Here is the gist of what I hear many of you saying:
- Stop messing with private keys on "hot wallets", because... ??
- What might happen? What is a "hot wallet"? How does having a "hot wallet" cause potential loss?
A hot wallet is any wallet connected to the internet. Like Blue Wallet.
What might happen is that your coins disappear because of malware.
- Go offline ("air-gapped"), do part offline, do part online (all with the blinds/drapes closed), because... ??
- How is this safer than just importing the wallet into Blue on my iPhone and then sending to Coinbase?
- I can see how 1 option is an anxiety-inducing difficult and confusing set of steps and how the other option is tap-tap, send, easy/done, but I do not understand how the super difficult option is "safer" than the super easy option?

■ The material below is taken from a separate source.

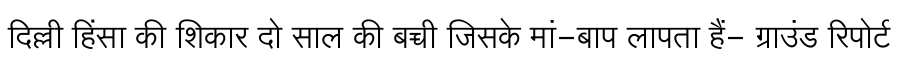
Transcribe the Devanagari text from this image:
दिल्ली हिंसा की शिकार दो साल की बच्ची जिसके मां-बाप लापता हैं- ग्राउंड रिपोर्ट

If you never enter your private key on an online device, malware can't steal your funds.
- LoyceV said, and I quote "You can't possibly be sure about this, there's always a risk."

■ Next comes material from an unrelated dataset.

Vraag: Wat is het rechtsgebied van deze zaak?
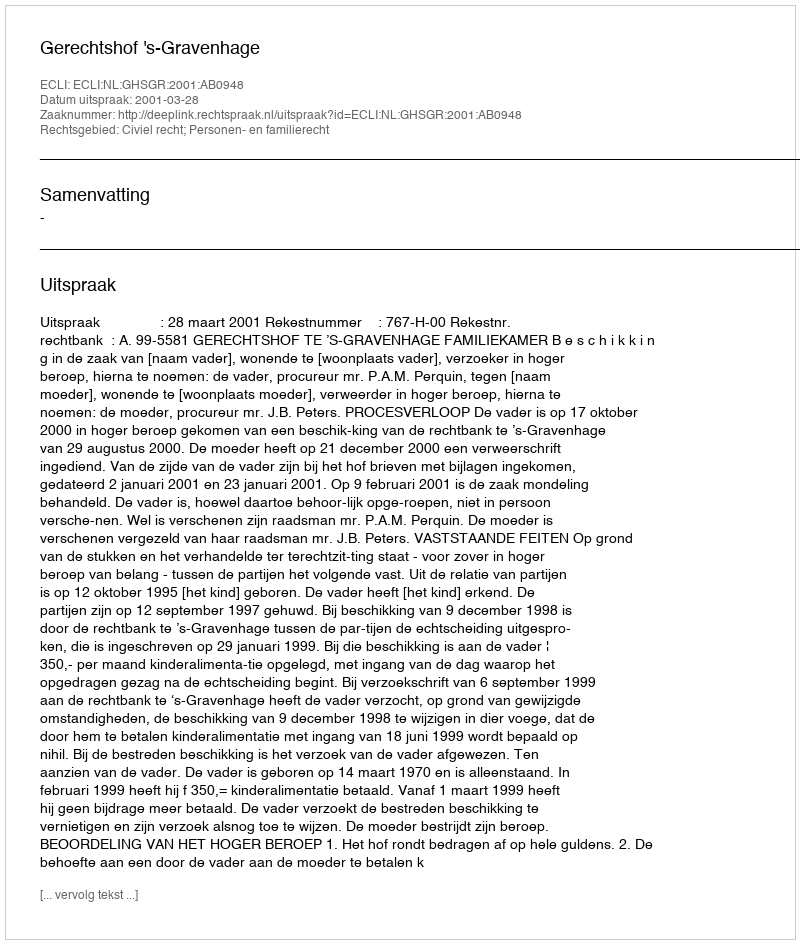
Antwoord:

- But then LoyceV said, in contradiction, "If you're talking about $100k+, why rush things instead of spending a few hours extra to do it 100% safe?"
You can't possible be sure about not having malware. But if your system can't go online, no malware can steal anything.

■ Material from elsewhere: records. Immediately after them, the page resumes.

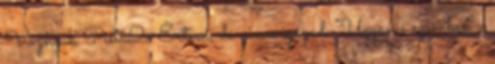
Voznyák Pista2: Értem, de nincs igazad. "Ugyanis szemben a
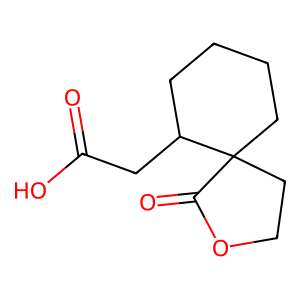
SMILES: O=C(O)CC1CCCCC12CCOC2=O
Inhibits HIV replication: No
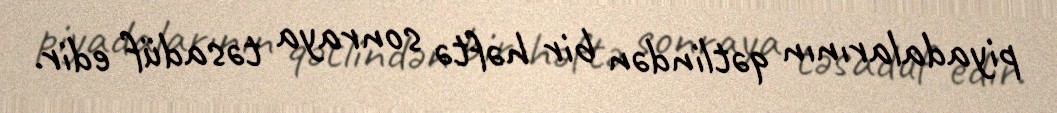
piyadalarının qətlindən bir həftə sonraya təsadüf edir.
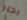
بحار

Why is the method I am going to try any LESS SAFE than another method?
Because you're using a hot wallet.
- LoyceV also said it will highly likely work just fine, like a 95% chance. Isn't that also true of any other crypto transferring method as well?
That 95% was a made-up amount. It's supposed to let you know a 5% risk is unacceptable, not to tell you 95% is okay.
- Coinbase sucks so don't use it, because... ??
I've never used them, so I can't tell you that.
Does this all have to do with PC/Windows computers that doesn't apply at all to iPhone devices regarding malware or hackers being able to see transactions moving thru the ether? Is this outdated info that is no longer fully relevant in 2025 with better technology and secure internet networks and devices that are not susceptible to the vast majority of all hacks/malware/network malfeasance?
It's quite simple: people lose money through malware. That still happens. The rest is up to you.